Thread: Sports wash
View Single Post
Old 03-29-20, 10:50 PM
  #17  
Camilo
Senior Member
 
Join Date: Apr 2007
Posts: 6,797
Mentioned: 10 Post(s)
Tagged: 0 Thread(s)
Quoted: 1116 Post(s)
Liked 1,212 Times in 769 Posts
I look at it this way: are cycling clothes any more "fragile" than the synthetic t-shirts, hiking clothes, sports (and regular) bras, etc. that we use? No. And we don't think twice about throwing those things in the washer and dryer - at the appropriate settings of course.

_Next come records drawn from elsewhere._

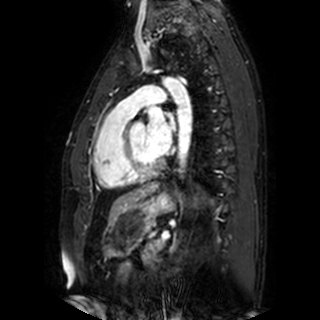
320x320 | Heart | MR
left atrium: <box>145,108,176,154</box>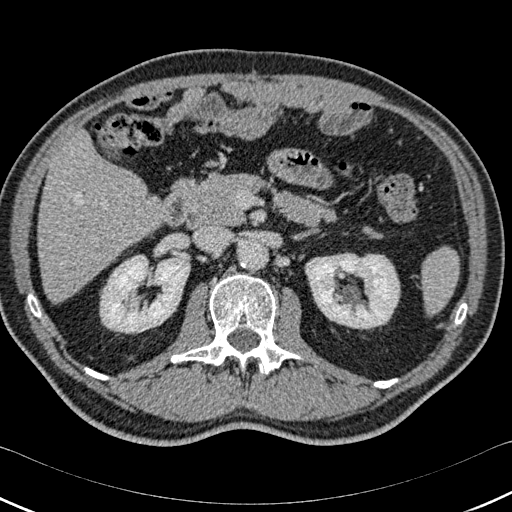 Abdomen, CT scan slice

5 bone regions appear at {"x1": 28, "y1": 295, "x2": 40, "y2": 316}, {"x1": 171, "y1": 274, "x2": 302, "y2": 374}, {"x1": 85, "y1": 368, "x2": 107, "y2": 379}, {"x1": 374, "y1": 379, "x2": 397, "y2": 387}, {"x1": 455, "y1": 303, "x2": 466, "y2": 323}. The liver is at {"x1": 38, "y1": 129, "x2": 163, "y2": 300}. 2 kidney regions are located at {"x1": 100, "y1": 255, "x2": 189, "y2": 332}, {"x1": 306, "y1": 254, "x2": 399, "y2": 327}.
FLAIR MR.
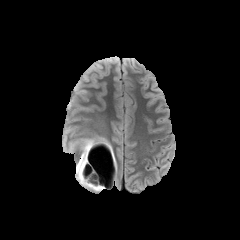
T1-weighted MR.
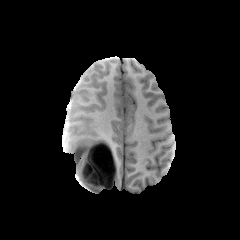
Post-contrast T1-weighted MR image.
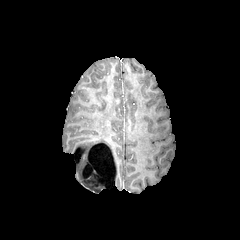
T2-weighted MR.
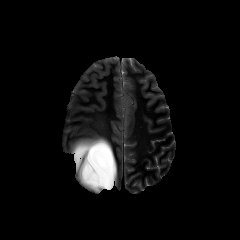
Brain
- edema: 72 137 108 154, 94 177 111 192, 76 154 93 190
- non-enhancing tumor core: 74 143 106 190
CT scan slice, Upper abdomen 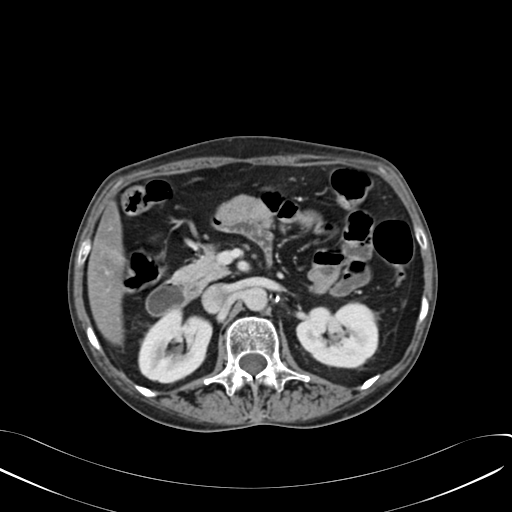
2 kidney regions are located at <bbox>140, 311, 210, 381</bbox>, <bbox>297, 305, 376, 366</bbox>. The liver is bounded by <bbox>88, 201, 123, 344</bbox>.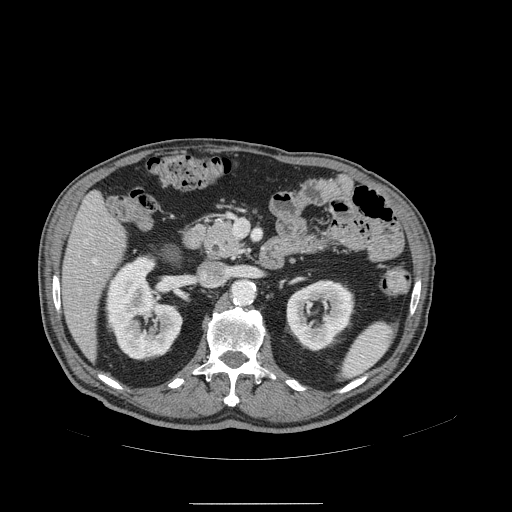 CT scan slice. Abdomen.

The pancreas is located at region(201, 216, 248, 261).
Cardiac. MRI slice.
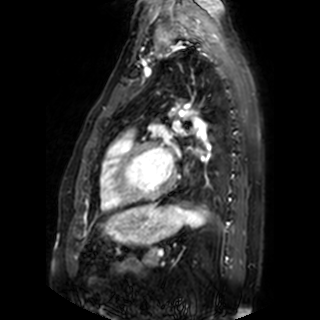 Segmented structures:
- left atrium: (x1=166, y1=150, x2=171, y2=162), (x1=174, y1=123, x2=181, y2=131)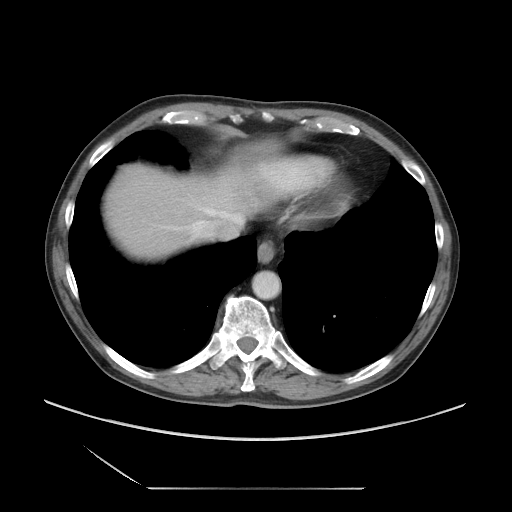 Computed tomography; Abdomen
The vessel boxes may cover only some of the vessels.
4 hepatic vessel regions appear at box=[195, 221, 217, 235]; box=[189, 204, 231, 217]; box=[158, 226, 178, 229]; box=[225, 225, 237, 237].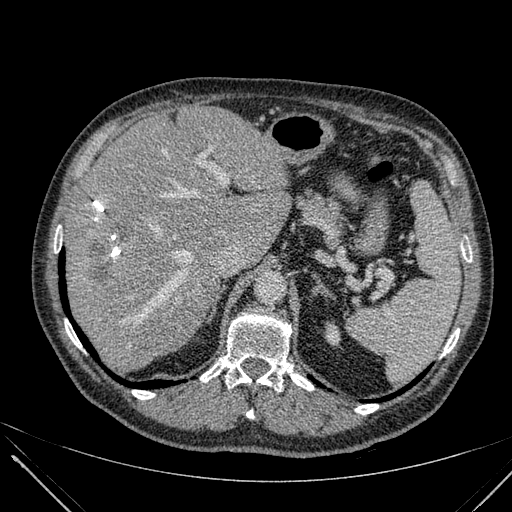 CT slice | Abdomen
Segmented structures:
• liver: (x1=66, y1=107, x2=288, y2=370)
• focal liver lesion: (x1=92, y1=261, x2=109, y2=284), (x1=115, y1=222, x2=131, y2=239), (x1=90, y1=241, x2=105, y2=255)
• kidney: (x1=328, y1=329, x2=338, y2=342)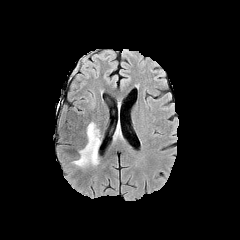
FLAIR magnetic resonance.
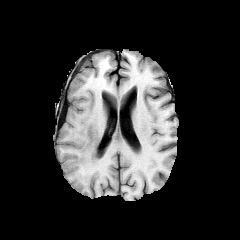
T1-weighted MR of the same slice.
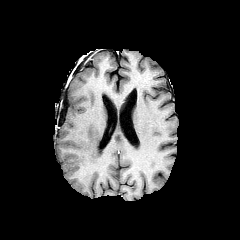
Post-contrast T1-weighted MRI.
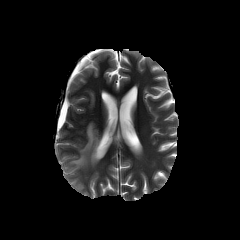
Same slice, T2-weighted magnetic resonance.
240x240 px, Brain
Segmented structures:
• edema: <bbox>72, 122, 101, 168</bbox>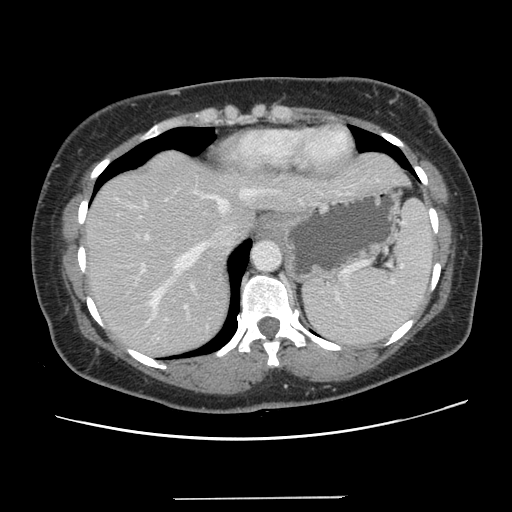
512x512 px | CT scan slice
Not every hepatic vessel necessarily has a box.
10 hepatic vessel regions are located at (x1=147, y1=320, x2=149, y2=322), (x1=204, y1=195, x2=227, y2=211), (x1=241, y1=189, x2=257, y2=197), (x1=191, y1=285, x2=193, y2=289), (x1=141, y1=263, x2=144, y2=272), (x1=184, y1=305, x2=187, y2=307), (x1=145, y1=235, x2=148, y2=239), (x1=165, y1=199, x2=167, y2=201), (x1=175, y1=244, x2=205, y2=270), (x1=148, y1=286, x2=165, y2=311).

We use whatever regular detergent we're using. I just wash in the regular top loading washing machine, regular cycle, warm water. We use warm rather than cold because with the water pressure in our house, it fills faster, making the cycle shorter. The water's not much more than skin temperature, so I can't see how it would hurt anything, and it doesn't

The only laundry sorting we do is to separate all of the technical/synthetic fabrics (cycling and other) from the regular cotton-type clothes we wear, but that's just so I don't have to sort through a load of wet laundry for the dryer and have two separate dryer loads for a load of washing.

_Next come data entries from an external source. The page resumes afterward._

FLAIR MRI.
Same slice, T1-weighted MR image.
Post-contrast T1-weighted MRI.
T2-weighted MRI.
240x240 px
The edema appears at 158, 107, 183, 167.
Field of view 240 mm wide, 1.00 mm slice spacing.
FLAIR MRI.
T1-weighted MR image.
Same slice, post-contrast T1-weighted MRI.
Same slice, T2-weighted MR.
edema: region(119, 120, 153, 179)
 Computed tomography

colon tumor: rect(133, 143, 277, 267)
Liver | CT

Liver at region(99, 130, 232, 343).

For these technical fabrics I set the dryer at extra low (which, again, is about skin temperature, maybe 105 or so F, ) but they also dry reasonably quickly at the no heat setting. I do baby my most favorite bibs a bit - usually hang to dry.

The only thing I do special for washing bike clothes is that I put my bibs in mesh bags so the straps don't get all tangled up with other stuff when the washing machine spins. I also put gloves in a bag so the velcro doesn't catch on other stuff.

I've never found any of my technical clothes, including bike clothes, to have any problems, certainly not longevity problems, with regular machine washing and extra low tumble drying. This stuff lasts for years and years, and it's not washing that wears it out.

Last edited by Camilo; 03-29-20 at 11:04 PM.